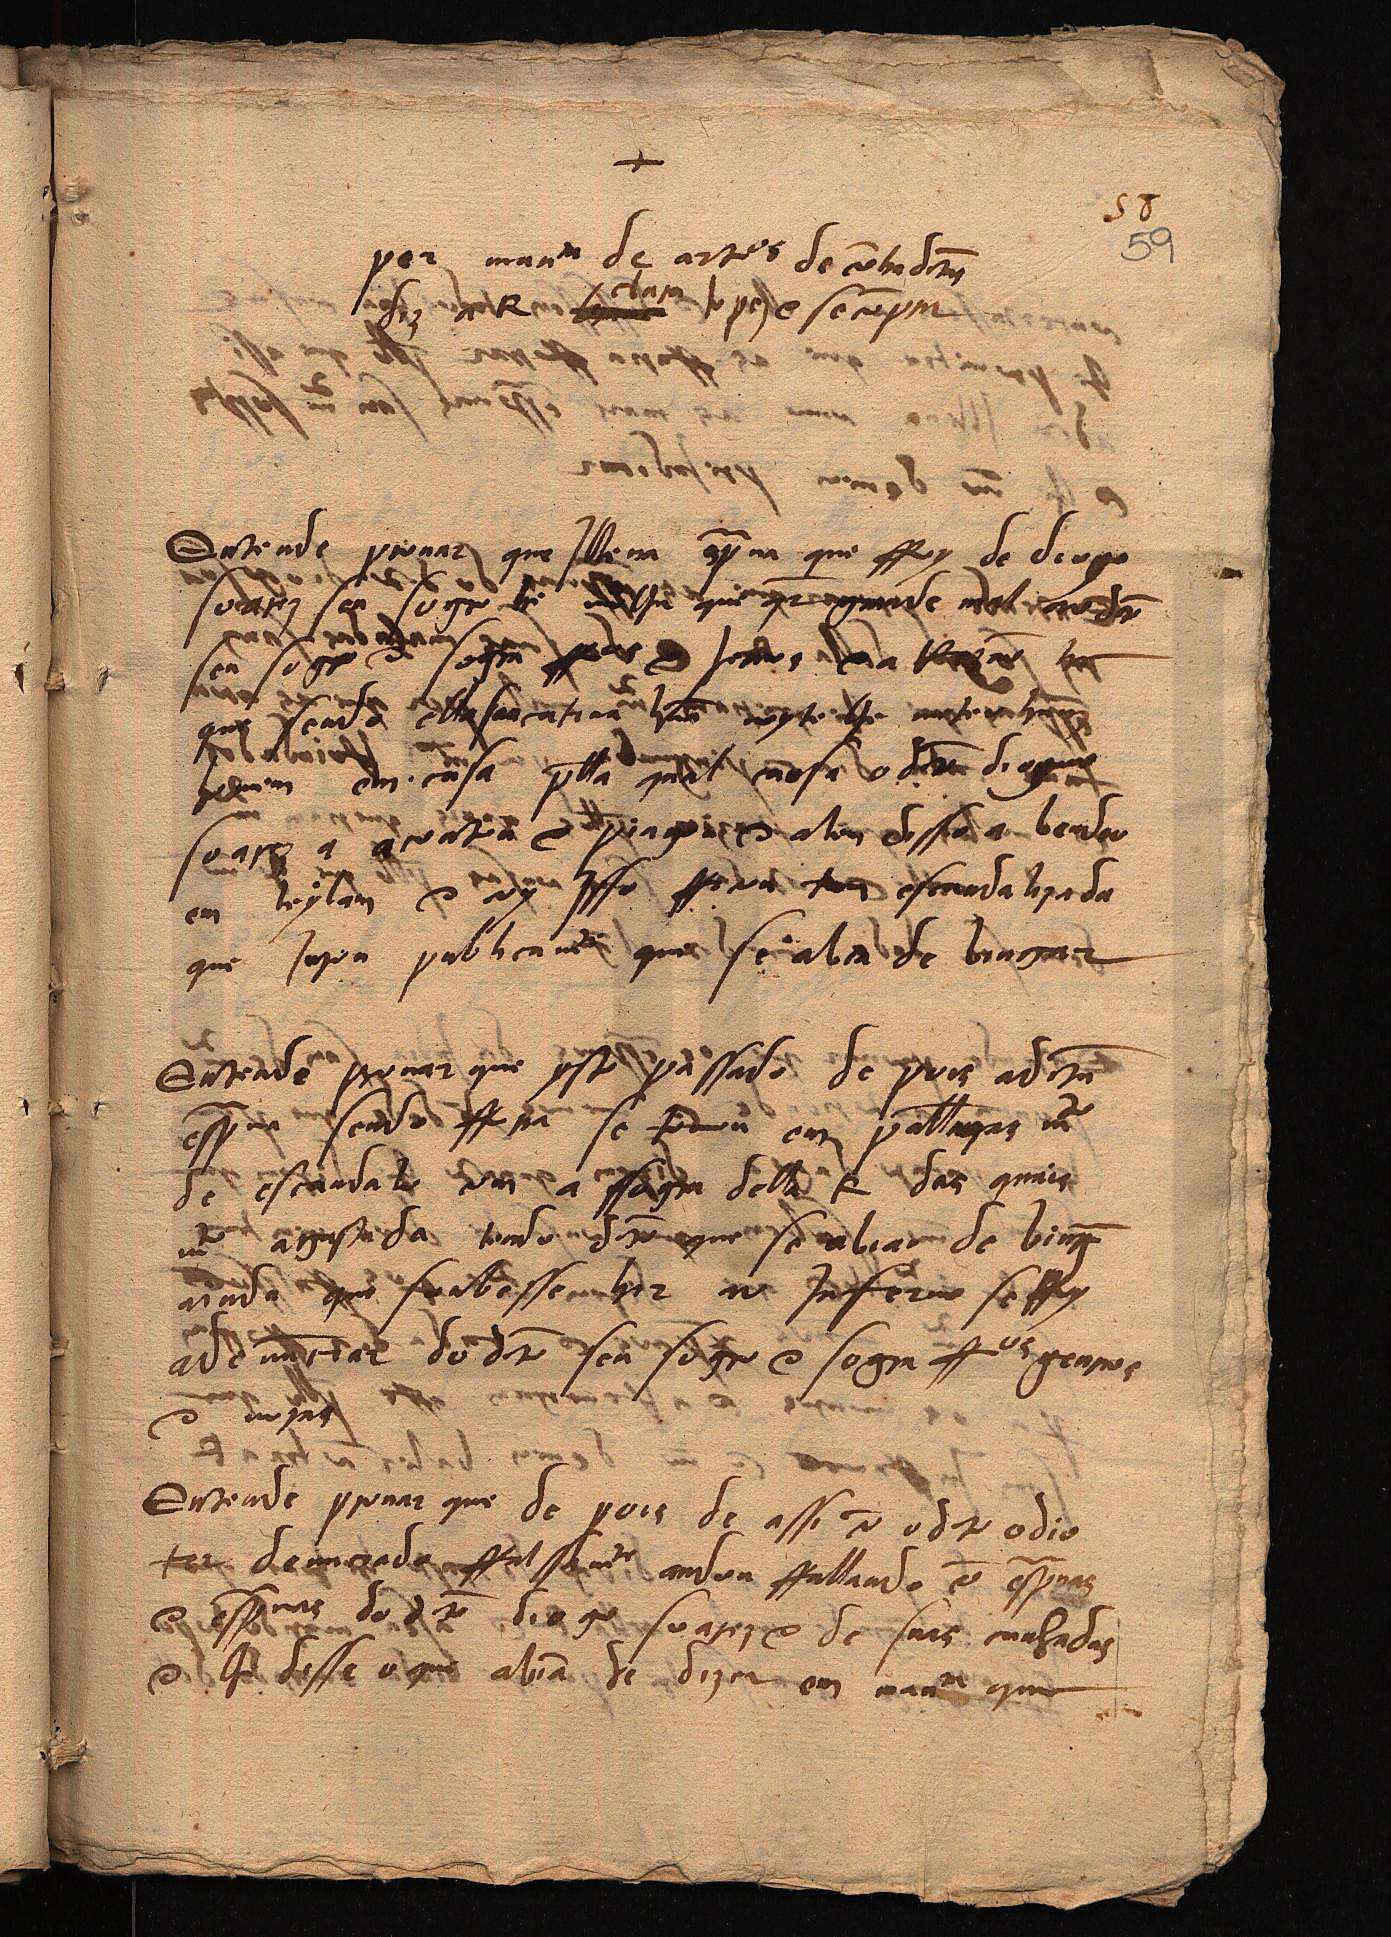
por manra de artos de c̄otradit̄as
diz a R lianor
clara
lopez e se cōprir
Entende prouar que Jllena ēspua que ffoy de diogo
soarez seu sogro he molher que q̄r grande mal ao dito
seu sogro e sogra ffos e Jerros e a Rezão he
que sendo ella sua catiua hūa noyte lhe meteu hum
homem em casa p̄lla qual caosa o dito dioguo
soarez a acoutou e pingou e alem disso a vendeo
em leylam e coy Jsso fficou tam escandalizada
que Jurou publicamte que se avia de vingar
Entende prouar que ysto passado de pois a dita
ēspua sendo fforra se tomou com pālluras mto
de escandalo com a ssogra della R das quais
mto agastada tendo dito que se avia de vinḡ
ainda que se ovesse hir ao Jnferno se ffoy
a den̄uciar do dito seu sogro e sogra ffos genrros
e noras
Entende prouar que de pois de assi c̄o o dito odio
ter denuciado ffalssamte andou ffallando c̄o ēspuos
e ēspuas do dito diogo soarez e de suas cunhadas
e lhe disse o que avīa de dizer em manra que

### DIRECTIONS FOR THIS TASK
Looking through the records, copy out every line in which the word "soarez" is found.

### TASK RESPONSE
soarez seu sogro he molher que q̄r grande mal ao dito
soarez a acoutou e pingou e alem disso a vendeo
e ēspuas do dito diogo soarez e de suas cunhadas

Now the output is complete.